*** Entries supplied ***

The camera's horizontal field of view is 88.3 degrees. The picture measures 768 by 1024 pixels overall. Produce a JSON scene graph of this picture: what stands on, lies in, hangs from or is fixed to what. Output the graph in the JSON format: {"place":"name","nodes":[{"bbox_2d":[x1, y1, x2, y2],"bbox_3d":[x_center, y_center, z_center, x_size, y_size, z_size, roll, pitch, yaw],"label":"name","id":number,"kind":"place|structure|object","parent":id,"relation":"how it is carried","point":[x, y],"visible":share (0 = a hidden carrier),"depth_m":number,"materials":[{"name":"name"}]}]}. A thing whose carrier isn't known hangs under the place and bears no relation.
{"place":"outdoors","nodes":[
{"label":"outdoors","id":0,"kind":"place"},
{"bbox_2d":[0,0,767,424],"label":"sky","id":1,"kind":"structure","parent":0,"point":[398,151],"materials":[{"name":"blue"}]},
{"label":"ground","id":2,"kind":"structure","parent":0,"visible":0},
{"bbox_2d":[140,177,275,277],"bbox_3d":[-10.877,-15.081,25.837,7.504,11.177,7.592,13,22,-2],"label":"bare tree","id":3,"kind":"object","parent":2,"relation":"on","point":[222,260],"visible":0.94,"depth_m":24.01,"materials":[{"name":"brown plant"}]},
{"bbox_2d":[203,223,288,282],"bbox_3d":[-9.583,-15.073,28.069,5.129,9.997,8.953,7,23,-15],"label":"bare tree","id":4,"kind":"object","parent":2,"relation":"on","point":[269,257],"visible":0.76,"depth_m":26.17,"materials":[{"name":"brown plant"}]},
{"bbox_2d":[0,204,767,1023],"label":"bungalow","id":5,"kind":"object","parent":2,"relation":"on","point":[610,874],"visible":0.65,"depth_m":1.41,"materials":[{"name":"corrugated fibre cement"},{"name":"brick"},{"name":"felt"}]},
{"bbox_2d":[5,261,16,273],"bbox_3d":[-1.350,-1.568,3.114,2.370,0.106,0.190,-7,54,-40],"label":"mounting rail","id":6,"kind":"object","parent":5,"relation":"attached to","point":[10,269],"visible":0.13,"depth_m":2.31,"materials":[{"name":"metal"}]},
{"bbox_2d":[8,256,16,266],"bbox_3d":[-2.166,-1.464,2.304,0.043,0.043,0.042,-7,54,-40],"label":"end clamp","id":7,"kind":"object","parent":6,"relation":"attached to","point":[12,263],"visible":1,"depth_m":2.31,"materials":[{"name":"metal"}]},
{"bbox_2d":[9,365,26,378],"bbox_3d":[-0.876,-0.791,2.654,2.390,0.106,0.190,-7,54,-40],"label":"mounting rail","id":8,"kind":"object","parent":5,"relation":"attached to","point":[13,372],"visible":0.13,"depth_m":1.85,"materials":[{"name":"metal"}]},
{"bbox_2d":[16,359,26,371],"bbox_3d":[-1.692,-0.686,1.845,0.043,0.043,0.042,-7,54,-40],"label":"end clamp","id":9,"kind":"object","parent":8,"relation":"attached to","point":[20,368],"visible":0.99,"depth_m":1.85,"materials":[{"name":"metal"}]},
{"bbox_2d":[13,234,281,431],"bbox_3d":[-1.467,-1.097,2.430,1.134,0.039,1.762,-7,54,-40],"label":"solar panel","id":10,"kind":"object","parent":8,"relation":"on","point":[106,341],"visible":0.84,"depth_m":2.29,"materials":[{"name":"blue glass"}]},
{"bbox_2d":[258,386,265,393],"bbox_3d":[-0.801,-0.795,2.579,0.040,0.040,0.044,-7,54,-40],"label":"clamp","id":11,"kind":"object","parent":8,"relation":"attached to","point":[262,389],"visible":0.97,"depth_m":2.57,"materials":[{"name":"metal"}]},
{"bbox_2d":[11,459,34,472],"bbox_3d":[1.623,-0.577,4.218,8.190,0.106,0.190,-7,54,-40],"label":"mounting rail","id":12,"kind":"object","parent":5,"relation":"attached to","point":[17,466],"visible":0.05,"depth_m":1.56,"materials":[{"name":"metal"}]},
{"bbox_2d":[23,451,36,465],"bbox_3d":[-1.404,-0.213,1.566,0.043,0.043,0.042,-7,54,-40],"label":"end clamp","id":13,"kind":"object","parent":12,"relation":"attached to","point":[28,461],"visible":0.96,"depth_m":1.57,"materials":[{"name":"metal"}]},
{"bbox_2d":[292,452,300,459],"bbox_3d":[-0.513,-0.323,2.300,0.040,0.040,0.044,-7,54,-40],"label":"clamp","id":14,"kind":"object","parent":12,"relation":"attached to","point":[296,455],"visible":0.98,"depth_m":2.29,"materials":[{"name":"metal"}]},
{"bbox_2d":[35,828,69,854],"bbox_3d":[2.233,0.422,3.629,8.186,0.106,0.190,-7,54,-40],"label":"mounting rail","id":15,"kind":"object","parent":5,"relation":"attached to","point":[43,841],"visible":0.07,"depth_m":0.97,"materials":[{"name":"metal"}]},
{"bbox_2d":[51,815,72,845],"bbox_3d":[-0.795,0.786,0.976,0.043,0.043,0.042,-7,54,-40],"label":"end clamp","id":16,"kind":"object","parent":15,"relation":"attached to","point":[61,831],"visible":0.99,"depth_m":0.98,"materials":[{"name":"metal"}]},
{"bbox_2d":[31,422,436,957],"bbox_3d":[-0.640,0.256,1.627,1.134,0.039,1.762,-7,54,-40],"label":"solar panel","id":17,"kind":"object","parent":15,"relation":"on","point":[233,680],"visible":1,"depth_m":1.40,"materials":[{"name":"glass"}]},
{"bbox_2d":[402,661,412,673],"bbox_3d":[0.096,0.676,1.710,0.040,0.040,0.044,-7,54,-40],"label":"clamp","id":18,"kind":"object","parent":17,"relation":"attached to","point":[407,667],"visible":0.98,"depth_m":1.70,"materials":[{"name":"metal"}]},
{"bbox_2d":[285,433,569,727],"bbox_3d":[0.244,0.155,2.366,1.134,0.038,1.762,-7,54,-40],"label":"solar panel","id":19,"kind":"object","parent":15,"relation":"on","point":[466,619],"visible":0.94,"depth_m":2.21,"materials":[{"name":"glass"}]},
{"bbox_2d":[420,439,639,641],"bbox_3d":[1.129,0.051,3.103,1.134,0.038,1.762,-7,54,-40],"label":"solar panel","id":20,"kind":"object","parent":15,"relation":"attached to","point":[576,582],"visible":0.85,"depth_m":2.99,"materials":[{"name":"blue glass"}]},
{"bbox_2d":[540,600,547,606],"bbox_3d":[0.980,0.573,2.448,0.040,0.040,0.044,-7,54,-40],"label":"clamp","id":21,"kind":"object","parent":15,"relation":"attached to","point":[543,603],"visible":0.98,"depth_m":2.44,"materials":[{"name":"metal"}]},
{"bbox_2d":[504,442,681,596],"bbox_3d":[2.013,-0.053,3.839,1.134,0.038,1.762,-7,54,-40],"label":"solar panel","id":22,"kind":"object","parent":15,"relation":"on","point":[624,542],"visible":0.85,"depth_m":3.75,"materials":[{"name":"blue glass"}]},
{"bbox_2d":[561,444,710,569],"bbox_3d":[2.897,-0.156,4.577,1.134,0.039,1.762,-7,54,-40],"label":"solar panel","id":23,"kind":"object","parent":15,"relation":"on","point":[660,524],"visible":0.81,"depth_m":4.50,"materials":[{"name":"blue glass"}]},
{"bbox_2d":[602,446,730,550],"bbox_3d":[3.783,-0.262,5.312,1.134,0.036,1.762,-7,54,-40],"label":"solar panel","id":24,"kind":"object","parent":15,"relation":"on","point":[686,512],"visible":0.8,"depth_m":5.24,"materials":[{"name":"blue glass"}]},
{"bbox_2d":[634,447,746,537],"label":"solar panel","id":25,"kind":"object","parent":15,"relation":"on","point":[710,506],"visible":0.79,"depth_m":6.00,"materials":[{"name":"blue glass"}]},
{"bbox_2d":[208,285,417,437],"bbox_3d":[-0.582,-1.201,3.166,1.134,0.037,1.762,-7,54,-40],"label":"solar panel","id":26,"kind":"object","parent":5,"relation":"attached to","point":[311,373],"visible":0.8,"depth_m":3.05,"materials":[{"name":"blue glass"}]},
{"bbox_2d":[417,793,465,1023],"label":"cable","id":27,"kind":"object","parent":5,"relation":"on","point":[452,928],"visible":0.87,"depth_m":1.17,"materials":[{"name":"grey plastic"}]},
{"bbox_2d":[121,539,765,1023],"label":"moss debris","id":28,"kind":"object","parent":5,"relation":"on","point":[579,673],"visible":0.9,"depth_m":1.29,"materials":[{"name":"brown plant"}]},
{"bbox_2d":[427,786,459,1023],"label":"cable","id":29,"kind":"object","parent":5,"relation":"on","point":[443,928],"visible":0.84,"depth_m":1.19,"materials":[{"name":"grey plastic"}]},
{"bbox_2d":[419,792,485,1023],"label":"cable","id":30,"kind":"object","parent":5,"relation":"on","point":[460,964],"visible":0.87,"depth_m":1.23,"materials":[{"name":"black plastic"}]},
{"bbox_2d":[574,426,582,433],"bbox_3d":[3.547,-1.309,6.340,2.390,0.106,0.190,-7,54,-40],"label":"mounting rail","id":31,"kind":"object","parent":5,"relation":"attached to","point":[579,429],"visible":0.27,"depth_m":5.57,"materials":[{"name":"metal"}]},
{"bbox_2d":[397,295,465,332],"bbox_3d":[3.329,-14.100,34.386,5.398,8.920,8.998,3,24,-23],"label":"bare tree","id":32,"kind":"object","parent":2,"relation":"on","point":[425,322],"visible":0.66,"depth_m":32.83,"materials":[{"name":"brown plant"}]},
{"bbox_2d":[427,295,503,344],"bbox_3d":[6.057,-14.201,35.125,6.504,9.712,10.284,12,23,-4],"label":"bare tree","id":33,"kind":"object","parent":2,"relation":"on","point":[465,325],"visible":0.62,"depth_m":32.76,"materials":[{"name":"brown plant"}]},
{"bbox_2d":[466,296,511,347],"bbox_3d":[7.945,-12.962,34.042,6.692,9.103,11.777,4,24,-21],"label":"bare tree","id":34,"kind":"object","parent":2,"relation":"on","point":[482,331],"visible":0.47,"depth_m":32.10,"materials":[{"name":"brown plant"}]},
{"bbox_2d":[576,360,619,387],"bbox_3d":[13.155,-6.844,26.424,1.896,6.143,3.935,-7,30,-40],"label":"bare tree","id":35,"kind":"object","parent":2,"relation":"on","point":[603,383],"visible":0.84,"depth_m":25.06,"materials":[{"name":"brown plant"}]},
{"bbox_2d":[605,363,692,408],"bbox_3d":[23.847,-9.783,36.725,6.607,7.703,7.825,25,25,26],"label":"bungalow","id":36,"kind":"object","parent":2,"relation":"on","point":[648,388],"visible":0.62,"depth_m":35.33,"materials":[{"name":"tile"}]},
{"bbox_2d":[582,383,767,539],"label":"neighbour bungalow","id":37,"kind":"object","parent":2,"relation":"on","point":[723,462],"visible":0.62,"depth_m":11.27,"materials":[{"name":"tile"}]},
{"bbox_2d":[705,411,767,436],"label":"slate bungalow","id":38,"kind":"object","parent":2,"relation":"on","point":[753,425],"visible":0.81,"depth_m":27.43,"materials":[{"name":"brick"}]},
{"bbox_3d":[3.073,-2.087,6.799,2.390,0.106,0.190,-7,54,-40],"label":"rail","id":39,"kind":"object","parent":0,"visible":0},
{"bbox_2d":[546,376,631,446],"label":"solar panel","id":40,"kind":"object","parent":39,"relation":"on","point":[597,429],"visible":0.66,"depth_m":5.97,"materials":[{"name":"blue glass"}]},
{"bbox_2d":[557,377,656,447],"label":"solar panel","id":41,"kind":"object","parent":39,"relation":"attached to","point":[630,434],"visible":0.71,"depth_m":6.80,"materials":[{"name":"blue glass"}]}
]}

*** End of Entries supplied ***

▸ **Required work**:
Gather all lines from the records above in which "bungalow" appears.

▸ **Problem solution**:
{"bbox_2d":[0,204,767,1023],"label":"bungalow","id":5,"kind":"object","parent":2,"relation":"on","point":[610,874],"visible":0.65,"depth_m":1.41,"materials":[{"name":"corrugated fibre cement"},{"name":"brick"},{"name":"felt"}]},
{"bbox_2d":[605,363,692,408],"bbox_3d":[23.847,-9.783,36.725,6.607,7.703,7.825,25,25,26],"label":"bungalow","id":36,"kind":"object","parent":2,"relation":"on","point":[648,388],"visible":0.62,"depth_m":35.33,"materials":[{"name":"tile"}]},
{"bbox_2d":[582,383,767,539],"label":"neighbour bungalow","id":37,"kind":"object","parent":2,"relation":"on","point":[723,462],"visible":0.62,"depth_m":11.27,"materials":[{"name":"tile"}]},
{"bbox_2d":[705,411,767,436],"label":"slate bungalow","id":38,"kind":"object","parent":2,"relation":"on","point":[753,425],"visible":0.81,"depth_m":27.43,"materials":[{"name":"brick"}]},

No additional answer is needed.